§ Provided records
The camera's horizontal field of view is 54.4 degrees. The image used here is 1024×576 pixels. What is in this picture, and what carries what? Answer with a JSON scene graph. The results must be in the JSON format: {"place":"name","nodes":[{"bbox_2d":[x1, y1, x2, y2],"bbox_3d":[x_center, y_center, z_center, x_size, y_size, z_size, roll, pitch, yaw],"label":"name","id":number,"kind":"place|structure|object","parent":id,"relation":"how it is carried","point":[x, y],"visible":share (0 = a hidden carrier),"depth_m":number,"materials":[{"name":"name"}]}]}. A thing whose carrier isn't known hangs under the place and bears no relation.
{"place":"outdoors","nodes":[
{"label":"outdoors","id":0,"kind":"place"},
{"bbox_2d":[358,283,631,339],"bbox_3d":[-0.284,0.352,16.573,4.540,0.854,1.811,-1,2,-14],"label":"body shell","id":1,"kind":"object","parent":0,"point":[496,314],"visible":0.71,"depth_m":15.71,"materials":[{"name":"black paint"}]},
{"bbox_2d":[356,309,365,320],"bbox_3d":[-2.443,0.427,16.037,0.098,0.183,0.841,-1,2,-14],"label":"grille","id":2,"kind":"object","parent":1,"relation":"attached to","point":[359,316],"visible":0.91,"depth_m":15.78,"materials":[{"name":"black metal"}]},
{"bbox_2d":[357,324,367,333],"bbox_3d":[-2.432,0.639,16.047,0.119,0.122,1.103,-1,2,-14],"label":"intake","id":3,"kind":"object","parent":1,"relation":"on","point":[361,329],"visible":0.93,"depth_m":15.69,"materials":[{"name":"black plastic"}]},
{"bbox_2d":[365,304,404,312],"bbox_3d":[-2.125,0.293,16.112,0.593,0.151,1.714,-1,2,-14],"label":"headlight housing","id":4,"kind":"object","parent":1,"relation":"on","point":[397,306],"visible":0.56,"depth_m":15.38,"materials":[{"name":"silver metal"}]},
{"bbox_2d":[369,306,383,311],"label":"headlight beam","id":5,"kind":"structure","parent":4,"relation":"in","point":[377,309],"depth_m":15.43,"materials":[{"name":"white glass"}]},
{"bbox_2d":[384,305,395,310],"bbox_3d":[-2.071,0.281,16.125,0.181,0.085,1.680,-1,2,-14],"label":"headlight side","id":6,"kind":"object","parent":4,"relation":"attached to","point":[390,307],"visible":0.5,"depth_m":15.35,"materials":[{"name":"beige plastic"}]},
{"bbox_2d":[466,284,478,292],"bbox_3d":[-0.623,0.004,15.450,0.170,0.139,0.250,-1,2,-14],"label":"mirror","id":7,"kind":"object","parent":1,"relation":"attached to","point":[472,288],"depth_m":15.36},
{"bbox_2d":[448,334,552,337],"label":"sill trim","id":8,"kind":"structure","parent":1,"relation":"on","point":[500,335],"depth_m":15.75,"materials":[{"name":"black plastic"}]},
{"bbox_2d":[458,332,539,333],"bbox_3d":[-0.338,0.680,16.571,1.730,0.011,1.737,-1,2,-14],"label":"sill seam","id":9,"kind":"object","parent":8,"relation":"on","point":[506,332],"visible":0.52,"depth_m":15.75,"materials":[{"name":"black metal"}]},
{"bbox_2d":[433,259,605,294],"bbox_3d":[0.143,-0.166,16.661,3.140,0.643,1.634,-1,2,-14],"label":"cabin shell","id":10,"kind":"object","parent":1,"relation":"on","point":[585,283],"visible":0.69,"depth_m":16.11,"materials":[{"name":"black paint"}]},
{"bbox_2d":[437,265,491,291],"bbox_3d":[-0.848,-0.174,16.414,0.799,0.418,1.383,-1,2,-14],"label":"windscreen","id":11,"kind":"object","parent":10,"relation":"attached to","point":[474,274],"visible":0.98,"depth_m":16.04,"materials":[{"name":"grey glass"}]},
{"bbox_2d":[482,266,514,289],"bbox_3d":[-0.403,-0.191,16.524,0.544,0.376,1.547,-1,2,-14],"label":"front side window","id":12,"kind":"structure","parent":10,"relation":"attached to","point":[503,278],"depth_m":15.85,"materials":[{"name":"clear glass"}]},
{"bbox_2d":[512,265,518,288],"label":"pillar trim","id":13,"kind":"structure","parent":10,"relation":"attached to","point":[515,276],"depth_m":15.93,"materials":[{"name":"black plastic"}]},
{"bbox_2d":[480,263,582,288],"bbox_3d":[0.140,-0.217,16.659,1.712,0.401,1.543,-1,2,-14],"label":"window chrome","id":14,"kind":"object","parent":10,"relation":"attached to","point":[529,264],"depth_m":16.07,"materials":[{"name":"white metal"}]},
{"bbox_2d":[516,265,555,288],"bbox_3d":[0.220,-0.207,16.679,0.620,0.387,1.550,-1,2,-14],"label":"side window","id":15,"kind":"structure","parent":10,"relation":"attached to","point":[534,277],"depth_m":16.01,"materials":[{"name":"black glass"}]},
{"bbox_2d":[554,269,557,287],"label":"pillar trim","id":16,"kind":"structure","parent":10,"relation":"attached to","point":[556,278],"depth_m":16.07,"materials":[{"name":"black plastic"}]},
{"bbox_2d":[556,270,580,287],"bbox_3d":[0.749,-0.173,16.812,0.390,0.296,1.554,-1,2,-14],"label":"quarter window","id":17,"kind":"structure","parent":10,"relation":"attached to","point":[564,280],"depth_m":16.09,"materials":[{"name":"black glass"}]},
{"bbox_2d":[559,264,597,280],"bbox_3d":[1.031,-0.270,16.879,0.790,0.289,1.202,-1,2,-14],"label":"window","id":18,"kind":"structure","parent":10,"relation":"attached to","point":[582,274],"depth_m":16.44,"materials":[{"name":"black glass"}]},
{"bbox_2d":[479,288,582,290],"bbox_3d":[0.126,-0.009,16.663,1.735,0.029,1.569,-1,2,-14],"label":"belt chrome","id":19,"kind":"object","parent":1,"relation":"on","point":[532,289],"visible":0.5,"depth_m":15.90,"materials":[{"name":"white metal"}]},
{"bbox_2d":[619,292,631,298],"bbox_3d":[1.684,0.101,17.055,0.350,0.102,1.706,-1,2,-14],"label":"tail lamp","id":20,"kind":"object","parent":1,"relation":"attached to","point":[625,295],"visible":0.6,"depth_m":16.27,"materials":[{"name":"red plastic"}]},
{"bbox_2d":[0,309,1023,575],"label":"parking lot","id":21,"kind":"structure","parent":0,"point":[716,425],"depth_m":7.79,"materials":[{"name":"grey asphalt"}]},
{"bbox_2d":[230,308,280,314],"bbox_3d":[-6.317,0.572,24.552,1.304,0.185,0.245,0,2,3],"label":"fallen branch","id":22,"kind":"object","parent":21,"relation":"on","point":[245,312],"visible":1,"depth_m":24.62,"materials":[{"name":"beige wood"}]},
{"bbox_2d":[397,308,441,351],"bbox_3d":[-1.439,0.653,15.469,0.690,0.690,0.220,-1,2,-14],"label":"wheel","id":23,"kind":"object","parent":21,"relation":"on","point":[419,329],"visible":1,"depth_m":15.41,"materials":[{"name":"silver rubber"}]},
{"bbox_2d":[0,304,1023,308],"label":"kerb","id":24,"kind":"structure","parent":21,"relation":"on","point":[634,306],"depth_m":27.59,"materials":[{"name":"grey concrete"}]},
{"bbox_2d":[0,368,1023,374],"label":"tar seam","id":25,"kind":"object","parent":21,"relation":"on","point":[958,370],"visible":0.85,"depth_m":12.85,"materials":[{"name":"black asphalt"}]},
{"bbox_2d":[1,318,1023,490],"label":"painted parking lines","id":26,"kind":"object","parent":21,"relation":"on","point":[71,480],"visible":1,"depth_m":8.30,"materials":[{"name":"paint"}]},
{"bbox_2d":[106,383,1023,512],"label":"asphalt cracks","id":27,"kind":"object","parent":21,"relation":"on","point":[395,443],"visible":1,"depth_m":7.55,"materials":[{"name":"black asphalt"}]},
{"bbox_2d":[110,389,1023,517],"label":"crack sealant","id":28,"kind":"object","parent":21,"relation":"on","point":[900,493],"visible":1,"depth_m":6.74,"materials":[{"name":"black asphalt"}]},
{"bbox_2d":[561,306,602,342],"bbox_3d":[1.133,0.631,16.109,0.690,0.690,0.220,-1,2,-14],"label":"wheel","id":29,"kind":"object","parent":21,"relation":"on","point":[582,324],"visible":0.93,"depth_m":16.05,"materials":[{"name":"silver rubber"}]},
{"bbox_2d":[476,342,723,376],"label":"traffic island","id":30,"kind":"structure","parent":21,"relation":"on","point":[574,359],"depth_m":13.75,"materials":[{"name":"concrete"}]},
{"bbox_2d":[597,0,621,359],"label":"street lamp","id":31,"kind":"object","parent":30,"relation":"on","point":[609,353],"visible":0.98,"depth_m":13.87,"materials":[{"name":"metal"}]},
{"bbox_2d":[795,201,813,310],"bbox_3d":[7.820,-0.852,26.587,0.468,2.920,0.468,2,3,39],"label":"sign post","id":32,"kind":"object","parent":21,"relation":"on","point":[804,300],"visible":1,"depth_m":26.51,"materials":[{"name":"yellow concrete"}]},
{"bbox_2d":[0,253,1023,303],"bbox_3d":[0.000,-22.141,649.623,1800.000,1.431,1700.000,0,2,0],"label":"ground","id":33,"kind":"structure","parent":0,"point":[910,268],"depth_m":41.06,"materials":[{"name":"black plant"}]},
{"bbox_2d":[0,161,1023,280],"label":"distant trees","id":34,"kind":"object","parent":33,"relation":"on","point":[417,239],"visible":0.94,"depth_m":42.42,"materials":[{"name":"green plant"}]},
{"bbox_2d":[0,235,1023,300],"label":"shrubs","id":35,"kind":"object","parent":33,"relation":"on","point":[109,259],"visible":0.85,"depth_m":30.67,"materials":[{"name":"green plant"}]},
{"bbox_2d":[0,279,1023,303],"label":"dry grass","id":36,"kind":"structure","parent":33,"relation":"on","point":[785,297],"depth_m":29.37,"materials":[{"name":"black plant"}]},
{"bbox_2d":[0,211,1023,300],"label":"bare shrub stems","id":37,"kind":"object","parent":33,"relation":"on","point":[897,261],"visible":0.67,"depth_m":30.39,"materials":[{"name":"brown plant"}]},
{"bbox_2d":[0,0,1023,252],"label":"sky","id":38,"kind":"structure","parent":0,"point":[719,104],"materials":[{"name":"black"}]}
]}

§ Assignment
Gather every line from the entries above where the word "outdoors" appears, and copy them.

§ Response
{"place":"outdoors","nodes":[
{"label":"outdoors","id":0,"kind":"place"},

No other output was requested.